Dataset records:
______________________________
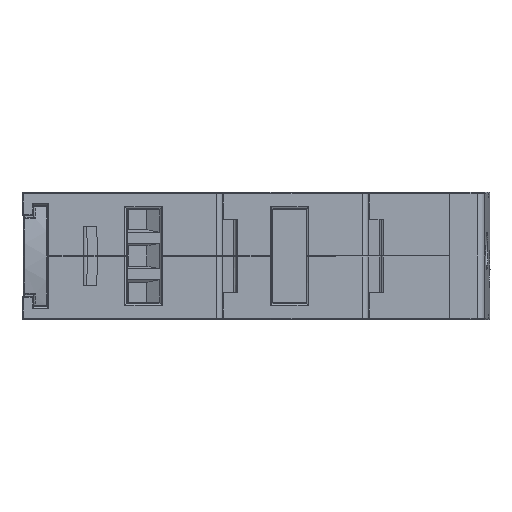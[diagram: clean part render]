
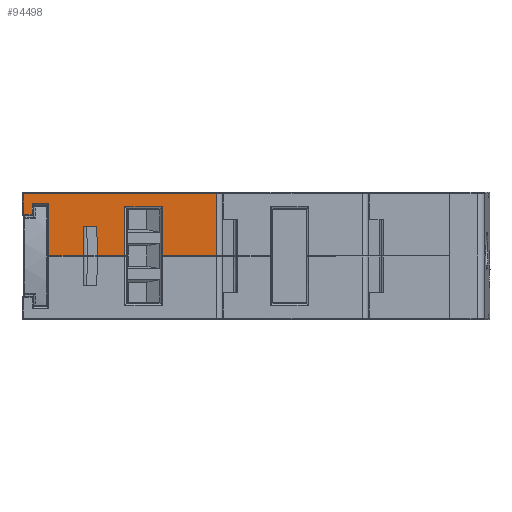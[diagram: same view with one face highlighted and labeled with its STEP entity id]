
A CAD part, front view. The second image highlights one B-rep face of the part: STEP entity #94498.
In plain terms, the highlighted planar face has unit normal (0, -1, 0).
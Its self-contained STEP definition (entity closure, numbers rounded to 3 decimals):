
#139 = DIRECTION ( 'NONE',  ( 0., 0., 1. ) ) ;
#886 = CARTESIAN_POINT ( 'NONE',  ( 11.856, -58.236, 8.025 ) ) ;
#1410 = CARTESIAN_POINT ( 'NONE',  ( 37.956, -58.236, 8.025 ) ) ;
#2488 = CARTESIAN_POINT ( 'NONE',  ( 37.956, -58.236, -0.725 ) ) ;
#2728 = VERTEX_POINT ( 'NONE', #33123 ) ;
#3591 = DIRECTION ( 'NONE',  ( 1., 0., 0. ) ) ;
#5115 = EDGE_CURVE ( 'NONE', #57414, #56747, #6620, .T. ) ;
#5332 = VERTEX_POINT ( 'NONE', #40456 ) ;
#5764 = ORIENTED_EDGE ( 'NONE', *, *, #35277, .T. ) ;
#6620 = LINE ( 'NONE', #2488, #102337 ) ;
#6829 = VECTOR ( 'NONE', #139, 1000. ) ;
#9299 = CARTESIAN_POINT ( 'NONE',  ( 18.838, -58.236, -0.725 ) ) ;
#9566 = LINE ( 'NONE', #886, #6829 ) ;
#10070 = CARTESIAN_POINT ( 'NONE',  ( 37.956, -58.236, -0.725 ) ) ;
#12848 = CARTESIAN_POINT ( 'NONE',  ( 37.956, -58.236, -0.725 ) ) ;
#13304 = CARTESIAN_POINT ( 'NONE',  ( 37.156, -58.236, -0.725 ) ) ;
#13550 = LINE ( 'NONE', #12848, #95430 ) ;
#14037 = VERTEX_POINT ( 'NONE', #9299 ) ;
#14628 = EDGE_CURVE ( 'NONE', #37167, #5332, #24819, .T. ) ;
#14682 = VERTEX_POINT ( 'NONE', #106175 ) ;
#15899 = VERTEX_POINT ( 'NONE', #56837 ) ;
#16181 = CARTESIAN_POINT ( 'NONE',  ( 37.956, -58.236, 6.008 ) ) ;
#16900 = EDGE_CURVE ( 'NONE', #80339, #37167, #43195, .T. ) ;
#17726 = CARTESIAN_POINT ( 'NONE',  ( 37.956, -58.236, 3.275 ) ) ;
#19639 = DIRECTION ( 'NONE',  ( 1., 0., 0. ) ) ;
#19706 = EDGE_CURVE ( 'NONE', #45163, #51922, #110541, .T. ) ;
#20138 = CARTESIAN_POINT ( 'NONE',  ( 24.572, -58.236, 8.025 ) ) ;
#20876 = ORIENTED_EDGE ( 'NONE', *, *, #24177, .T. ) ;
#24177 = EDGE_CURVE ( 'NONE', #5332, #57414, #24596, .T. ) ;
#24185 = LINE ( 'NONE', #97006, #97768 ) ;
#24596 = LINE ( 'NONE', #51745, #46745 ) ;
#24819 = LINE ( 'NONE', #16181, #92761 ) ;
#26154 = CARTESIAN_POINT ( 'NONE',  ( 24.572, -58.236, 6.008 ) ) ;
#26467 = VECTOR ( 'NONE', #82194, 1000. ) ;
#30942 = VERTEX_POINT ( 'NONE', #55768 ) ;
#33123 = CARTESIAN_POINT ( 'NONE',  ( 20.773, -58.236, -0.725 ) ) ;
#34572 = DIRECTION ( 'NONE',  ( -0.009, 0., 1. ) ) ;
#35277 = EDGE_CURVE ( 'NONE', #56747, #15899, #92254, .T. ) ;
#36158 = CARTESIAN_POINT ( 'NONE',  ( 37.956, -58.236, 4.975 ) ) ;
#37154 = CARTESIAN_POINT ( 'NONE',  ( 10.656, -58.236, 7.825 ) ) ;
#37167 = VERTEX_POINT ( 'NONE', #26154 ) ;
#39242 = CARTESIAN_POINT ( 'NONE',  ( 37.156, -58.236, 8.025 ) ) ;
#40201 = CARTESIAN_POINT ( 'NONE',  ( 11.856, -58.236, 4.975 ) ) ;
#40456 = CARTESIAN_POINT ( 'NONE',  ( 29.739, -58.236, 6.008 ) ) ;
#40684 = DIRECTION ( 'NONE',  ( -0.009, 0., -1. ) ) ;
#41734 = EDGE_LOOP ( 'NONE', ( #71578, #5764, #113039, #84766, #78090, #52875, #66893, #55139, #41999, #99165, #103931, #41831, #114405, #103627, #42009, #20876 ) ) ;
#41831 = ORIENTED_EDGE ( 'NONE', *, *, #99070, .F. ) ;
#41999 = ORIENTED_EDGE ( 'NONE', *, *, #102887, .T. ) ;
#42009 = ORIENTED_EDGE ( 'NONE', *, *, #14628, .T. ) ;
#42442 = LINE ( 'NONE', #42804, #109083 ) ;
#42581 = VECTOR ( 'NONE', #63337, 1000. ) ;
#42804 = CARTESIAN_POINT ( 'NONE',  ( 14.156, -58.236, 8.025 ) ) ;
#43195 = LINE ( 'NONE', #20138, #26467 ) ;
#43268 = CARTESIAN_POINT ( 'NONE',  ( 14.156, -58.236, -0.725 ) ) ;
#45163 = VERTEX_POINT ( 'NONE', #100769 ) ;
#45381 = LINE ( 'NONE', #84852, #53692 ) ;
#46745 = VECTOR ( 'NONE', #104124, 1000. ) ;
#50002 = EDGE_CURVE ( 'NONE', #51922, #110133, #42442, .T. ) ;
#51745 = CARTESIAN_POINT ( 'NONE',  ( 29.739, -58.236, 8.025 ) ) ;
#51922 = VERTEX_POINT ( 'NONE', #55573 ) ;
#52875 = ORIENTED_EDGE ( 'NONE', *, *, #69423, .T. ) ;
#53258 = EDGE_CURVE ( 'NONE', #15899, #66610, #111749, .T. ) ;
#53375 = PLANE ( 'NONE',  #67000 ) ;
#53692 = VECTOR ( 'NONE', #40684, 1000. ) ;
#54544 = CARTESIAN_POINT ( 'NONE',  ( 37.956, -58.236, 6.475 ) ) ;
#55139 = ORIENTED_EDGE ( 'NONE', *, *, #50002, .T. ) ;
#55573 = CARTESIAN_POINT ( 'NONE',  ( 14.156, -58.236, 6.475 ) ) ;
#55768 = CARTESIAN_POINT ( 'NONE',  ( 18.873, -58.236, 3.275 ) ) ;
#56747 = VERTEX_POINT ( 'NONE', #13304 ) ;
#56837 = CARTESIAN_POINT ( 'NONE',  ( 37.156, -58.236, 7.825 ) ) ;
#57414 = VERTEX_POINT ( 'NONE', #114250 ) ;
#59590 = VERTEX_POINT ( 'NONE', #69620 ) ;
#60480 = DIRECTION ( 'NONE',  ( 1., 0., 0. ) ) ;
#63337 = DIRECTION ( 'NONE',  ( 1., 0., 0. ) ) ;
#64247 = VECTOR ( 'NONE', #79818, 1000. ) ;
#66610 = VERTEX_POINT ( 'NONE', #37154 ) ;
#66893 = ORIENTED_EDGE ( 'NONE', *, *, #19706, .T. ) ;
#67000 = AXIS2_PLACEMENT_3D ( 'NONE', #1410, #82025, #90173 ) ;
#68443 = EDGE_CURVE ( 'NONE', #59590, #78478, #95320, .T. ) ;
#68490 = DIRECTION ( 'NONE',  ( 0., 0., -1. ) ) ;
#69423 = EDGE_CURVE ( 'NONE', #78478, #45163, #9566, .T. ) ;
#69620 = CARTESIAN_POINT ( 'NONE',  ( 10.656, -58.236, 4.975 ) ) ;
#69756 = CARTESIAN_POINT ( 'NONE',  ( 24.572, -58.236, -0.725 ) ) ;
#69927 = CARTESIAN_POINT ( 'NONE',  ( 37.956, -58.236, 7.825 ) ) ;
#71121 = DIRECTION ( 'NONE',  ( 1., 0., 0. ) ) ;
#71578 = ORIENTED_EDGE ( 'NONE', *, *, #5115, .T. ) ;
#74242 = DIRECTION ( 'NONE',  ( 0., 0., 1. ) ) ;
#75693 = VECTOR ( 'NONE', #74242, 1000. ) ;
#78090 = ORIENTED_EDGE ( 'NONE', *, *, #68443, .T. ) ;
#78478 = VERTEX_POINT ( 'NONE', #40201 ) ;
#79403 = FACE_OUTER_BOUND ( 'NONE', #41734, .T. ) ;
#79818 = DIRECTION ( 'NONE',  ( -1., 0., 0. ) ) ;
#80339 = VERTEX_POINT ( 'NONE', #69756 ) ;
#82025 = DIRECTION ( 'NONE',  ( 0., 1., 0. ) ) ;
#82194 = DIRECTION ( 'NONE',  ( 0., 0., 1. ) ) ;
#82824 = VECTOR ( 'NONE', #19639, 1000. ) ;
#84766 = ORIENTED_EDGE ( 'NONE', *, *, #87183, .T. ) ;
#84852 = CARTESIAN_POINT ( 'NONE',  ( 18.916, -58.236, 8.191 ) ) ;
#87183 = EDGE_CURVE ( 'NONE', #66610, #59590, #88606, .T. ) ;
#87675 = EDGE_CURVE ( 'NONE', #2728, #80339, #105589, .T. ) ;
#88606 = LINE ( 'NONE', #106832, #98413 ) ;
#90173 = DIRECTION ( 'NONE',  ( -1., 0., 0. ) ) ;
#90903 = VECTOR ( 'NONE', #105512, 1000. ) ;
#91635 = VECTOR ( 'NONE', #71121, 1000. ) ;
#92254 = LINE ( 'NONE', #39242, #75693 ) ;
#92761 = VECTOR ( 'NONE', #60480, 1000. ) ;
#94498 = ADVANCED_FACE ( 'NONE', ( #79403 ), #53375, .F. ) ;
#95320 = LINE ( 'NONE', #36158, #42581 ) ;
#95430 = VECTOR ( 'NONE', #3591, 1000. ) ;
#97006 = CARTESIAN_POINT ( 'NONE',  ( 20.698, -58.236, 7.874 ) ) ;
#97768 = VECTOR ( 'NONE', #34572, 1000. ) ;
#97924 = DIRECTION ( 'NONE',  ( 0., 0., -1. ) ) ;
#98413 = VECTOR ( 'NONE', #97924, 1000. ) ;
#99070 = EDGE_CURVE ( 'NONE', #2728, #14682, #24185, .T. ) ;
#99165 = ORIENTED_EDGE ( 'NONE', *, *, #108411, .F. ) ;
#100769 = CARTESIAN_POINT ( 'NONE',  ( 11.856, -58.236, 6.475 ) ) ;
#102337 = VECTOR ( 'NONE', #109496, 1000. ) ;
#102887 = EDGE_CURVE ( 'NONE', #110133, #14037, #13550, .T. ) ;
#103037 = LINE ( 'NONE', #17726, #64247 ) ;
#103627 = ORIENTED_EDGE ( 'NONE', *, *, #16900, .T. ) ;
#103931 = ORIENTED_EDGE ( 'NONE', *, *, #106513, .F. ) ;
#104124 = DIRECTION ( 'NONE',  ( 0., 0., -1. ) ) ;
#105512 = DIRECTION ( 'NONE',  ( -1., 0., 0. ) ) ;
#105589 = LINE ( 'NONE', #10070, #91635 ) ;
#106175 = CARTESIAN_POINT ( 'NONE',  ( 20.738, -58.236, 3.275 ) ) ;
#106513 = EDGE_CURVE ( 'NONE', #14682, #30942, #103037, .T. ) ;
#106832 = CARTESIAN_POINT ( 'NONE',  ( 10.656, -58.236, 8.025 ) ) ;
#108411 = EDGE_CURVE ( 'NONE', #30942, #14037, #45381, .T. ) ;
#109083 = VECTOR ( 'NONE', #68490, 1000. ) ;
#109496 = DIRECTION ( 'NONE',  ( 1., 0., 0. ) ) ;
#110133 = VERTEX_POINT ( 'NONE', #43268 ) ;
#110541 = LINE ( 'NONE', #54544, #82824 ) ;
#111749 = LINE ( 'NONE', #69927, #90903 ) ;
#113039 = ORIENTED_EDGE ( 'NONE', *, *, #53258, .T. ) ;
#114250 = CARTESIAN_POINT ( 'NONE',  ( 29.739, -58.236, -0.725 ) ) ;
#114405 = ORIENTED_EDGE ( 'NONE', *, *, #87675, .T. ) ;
______________________________
THE PROBLEM:
Reproduce exactly, with nothing added, the lines from the one that contains "#92254 = LINE ( 'NONE', #39242, #75693 ) ;" to the end of the data.

EXPECTED OUTPUT:
#92254 = LINE ( 'NONE', #39242, #75693 ) ;
#92761 = VECTOR ( 'NONE', #60480, 1000. ) ;
#94498 = ADVANCED_FACE ( 'NONE', ( #79403 ), #53375, .F. ) ;
#95320 = LINE ( 'NONE', #36158, #42581 ) ;
#95430 = VECTOR ( 'NONE', #3591, 1000. ) ;
#97006 = CARTESIAN_POINT ( 'NONE',  ( 20.698, -58.236, 7.874 ) ) ;
#97768 = VECTOR ( 'NONE', #34572, 1000. ) ;
#97924 = DIRECTION ( 'NONE',  ( 0., 0., -1. ) ) ;
#98413 = VECTOR ( 'NONE', #97924, 1000. ) ;
#99070 = EDGE_CURVE ( 'NONE', #2728, #14682, #24185, .T. ) ;
#99165 = ORIENTED_EDGE ( 'NONE', *, *, #108411, .F. ) ;
#100769 = CARTESIAN_POINT ( 'NONE',  ( 11.856, -58.236, 6.475 ) ) ;
#102337 = VECTOR ( 'NONE', #109496, 1000. ) ;
#102887 = EDGE_CURVE ( 'NONE', #110133, #14037, #13550, .T. ) ;
#103037 = LINE ( 'NONE', #17726, #64247 ) ;
#103627 = ORIENTED_EDGE ( 'NONE', *, *, #16900, .T. ) ;
#103931 = ORIENTED_EDGE ( 'NONE', *, *, #106513, .F. ) ;
#104124 = DIRECTION ( 'NONE',  ( 0., 0., -1. ) ) ;
#105512 = DIRECTION ( 'NONE',  ( -1., 0., 0. ) ) ;
#105589 = LINE ( 'NONE', #10070, #91635 ) ;
#106175 = CARTESIAN_POINT ( 'NONE',  ( 20.738, -58.236, 3.275 ) ) ;
#106513 = EDGE_CURVE ( 'NONE', #14682, #30942, #103037, .T. ) ;
#106832 = CARTESIAN_POINT ( 'NONE',  ( 10.656, -58.236, 8.025 ) ) ;
#108411 = EDGE_CURVE ( 'NONE', #30942, #14037, #45381, .T. ) ;
#109083 = VECTOR ( 'NONE', #68490, 1000. ) ;
#109496 = DIRECTION ( 'NONE',  ( 1., 0., 0. ) ) ;
#110133 = VERTEX_POINT ( 'NONE', #43268 ) ;
#110541 = LINE ( 'NONE', #54544, #82824 ) ;
#111749 = LINE ( 'NONE', #69927, #90903 ) ;
#113039 = ORIENTED_EDGE ( 'NONE', *, *, #53258, .T. ) ;
#114250 = CARTESIAN_POINT ( 'NONE',  ( 29.739, -58.236, -0.725 ) ) ;
#114405 = ORIENTED_EDGE ( 'NONE', *, *, #87675, .T. ) ;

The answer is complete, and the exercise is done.